American writer and academic

Thomas Bonner Flanagan (November 5, 1923 – March 21, 2002) was an American university professor at the University of California at Berkeley and a novelist.

==Biography==
Flanagan was born in 1923 in Greenwich, Connecticut, to a homemaker mother and a dentist father. All of his grandparents had come to the United States from County Fermanagh, Ireland. He served in the United States Army during World War II. He graduated from Amherst College in 1945. He received his Master of Arts and Doctor of Philosophy degrees from Columbia University. From 1960 to 1978 he was Professor of English Literature at the University of California at Berkeley, specializing in Irish literature. He was a tenured Full Professor in the English Department at the Stony Brook University until his retirement.

Flanagan was also a successful novelist. His first novel, The Year of the French, won the National Book Critics Award for fiction in 1979 and was adapted into a TV series, which was broadcast in Ireland in 1982.

==Personal life==
In 1949, he married Jane Parker, a nurse; they had two children, writer Caitlin Flanagan and Ellen Flanagan Klavan. His son-in-law is writer Andrew Klavan. He and his wife spent much of their time in Ireland. They lived in East Setauket, Long Island.

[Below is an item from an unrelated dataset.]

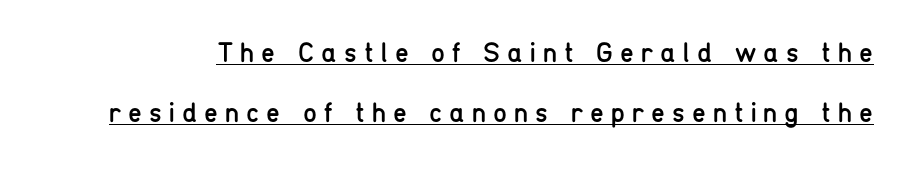
The font is comparable to plain body text, perhaps lighter. The rendering inserts visible extra space after every character. The passage shown is typed in a proportional face where columns would drift. Nope, no serifs anywhere on these letters.
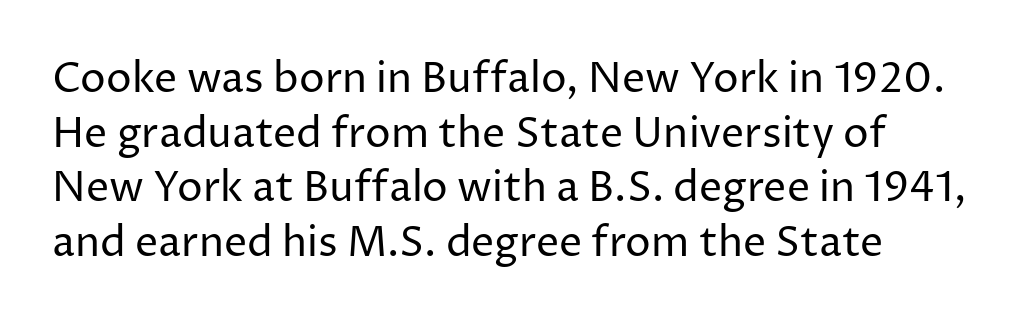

He died of a heart attack on March 21, 2002, at the age of 78 in Berkeley.

Flanagan attended Greenwich High School in Connecticut, where he befriended Truman Capote, who transferred to Greenwich High after his mother and stepfather relocated to Greenwich in 1939. Thomas and Truman appeared in Greenwich High's production of Hamlet, where they portrayed executioners.

==Works==
===Novels===
- The Year of the French (1979); ISBN 9781590171080 (2004)
- The Tenants of Time (1988)
- The End of the Hunt (1995)

===Non-fiction===
- The Irish Novelists 1800–1850 (1958)

==Legacy==

The Archives and Special Collections at Amherst College holds his papers.